:: TASK GOAL ::
In the records below, find the line containing "Duration since image 1: 0.7 s." and return it together with every later line, exactly as written; pictures are to be omitted.

(Collected data entries)
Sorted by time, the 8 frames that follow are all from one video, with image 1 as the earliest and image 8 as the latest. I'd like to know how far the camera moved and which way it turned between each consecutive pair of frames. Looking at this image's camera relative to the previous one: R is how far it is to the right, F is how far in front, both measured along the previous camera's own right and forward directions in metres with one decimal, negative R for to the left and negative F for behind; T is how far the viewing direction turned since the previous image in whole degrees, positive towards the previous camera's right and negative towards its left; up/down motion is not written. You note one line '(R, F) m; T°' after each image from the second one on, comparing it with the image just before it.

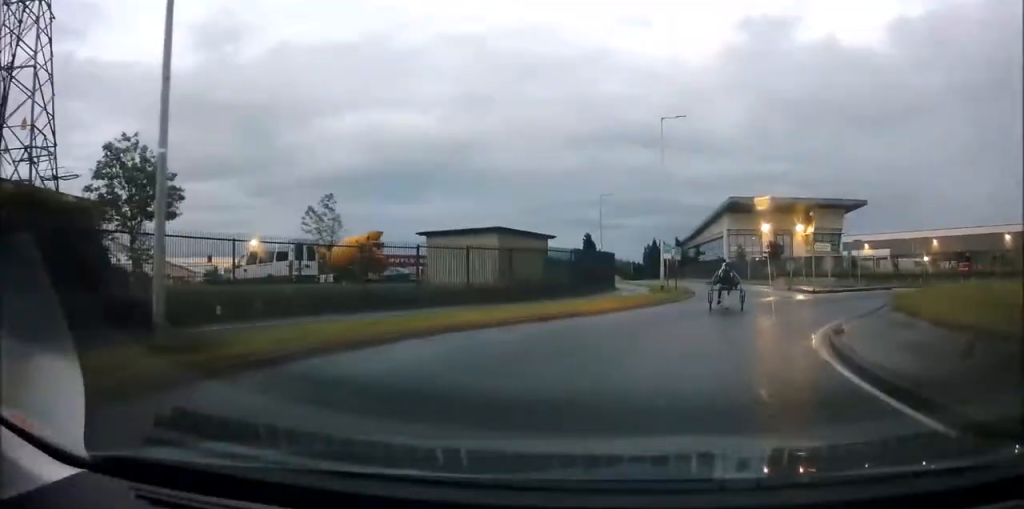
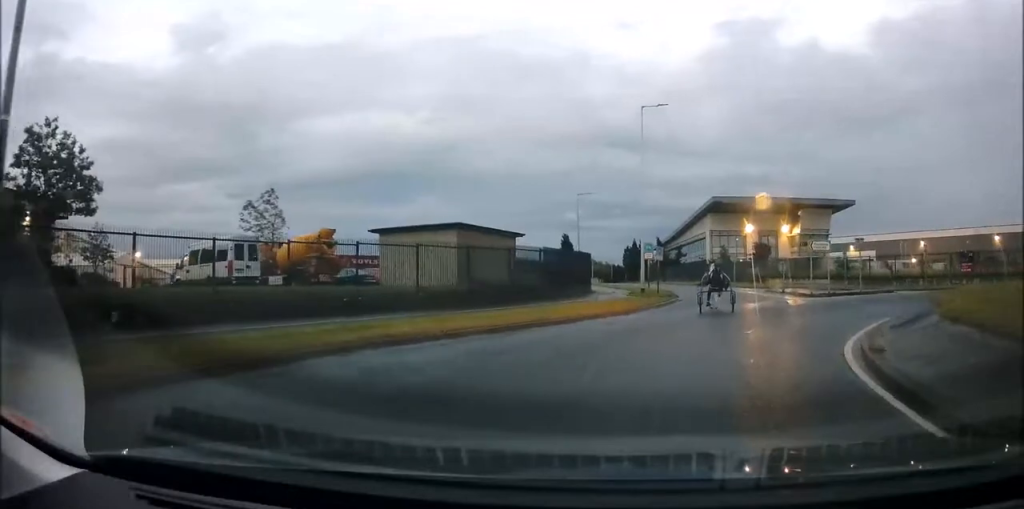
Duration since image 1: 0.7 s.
(+0.1, +3.1) m; +3°
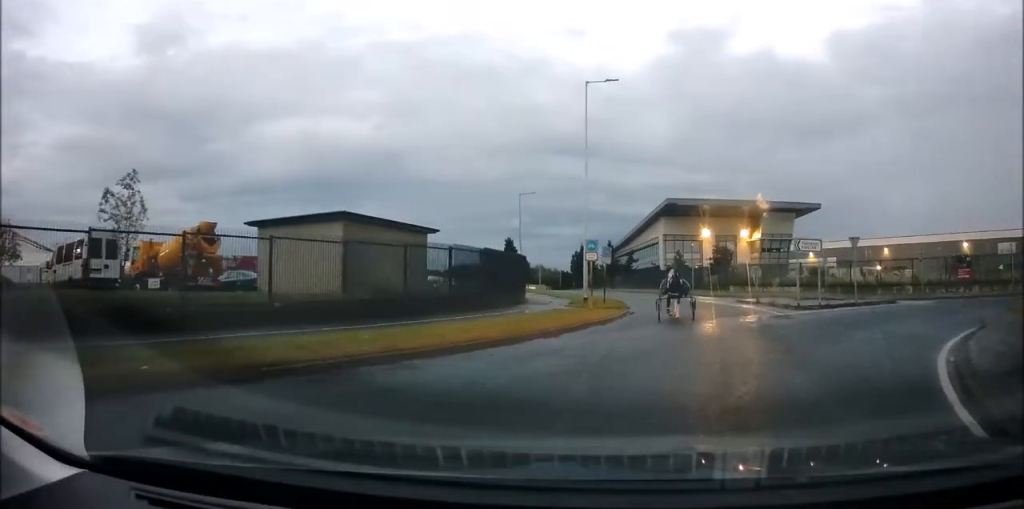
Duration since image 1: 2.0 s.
(+0.2, +5.7) m; +2°
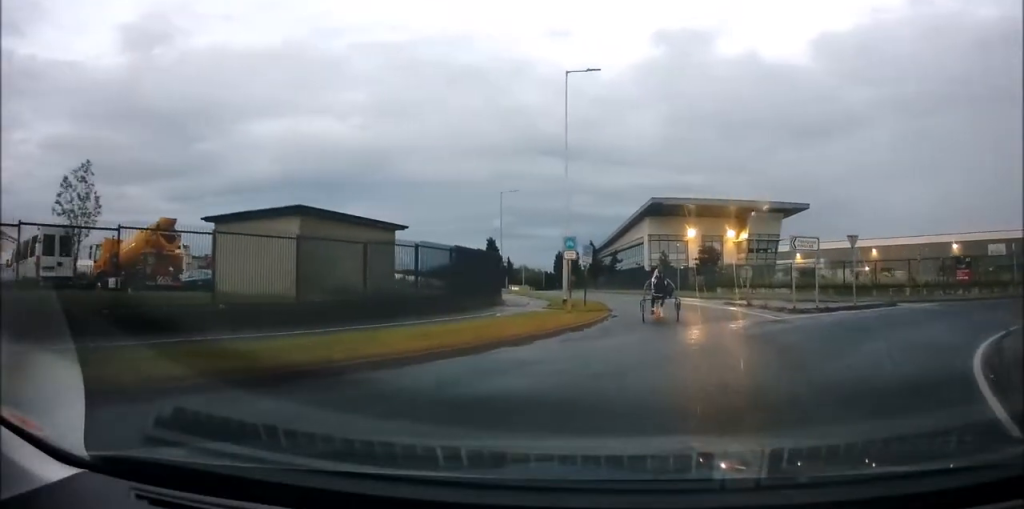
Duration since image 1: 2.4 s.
(-0.1, +1.7) m; 0°
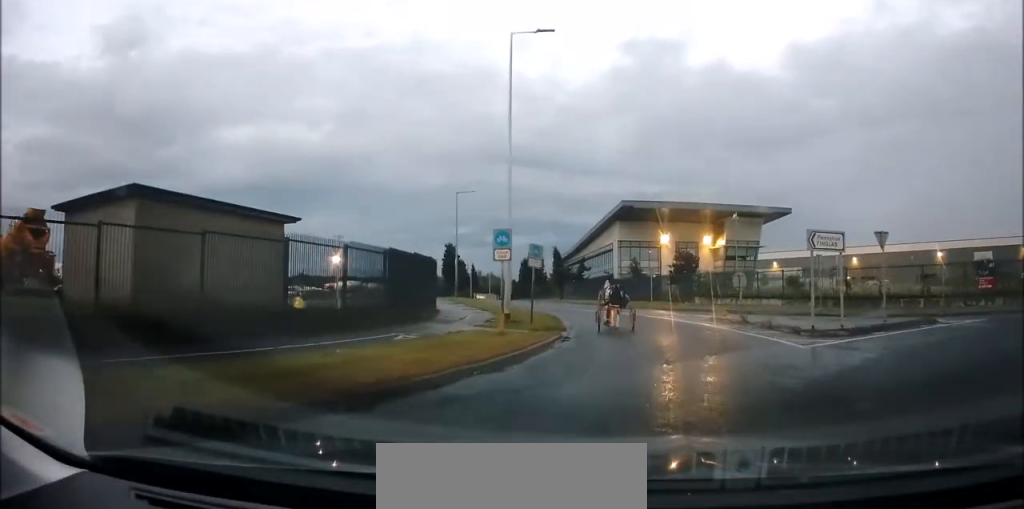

:: ANSWER FOR THIS EXERCISE ::
Duration since image 1: 0.7 s.
(+0.1, +3.1) m; +3°
Duration since image 1: 2.0 s.
(+0.2, +5.7) m; +2°
Duration since image 1: 2.4 s.
(-0.1, +1.7) m; 0°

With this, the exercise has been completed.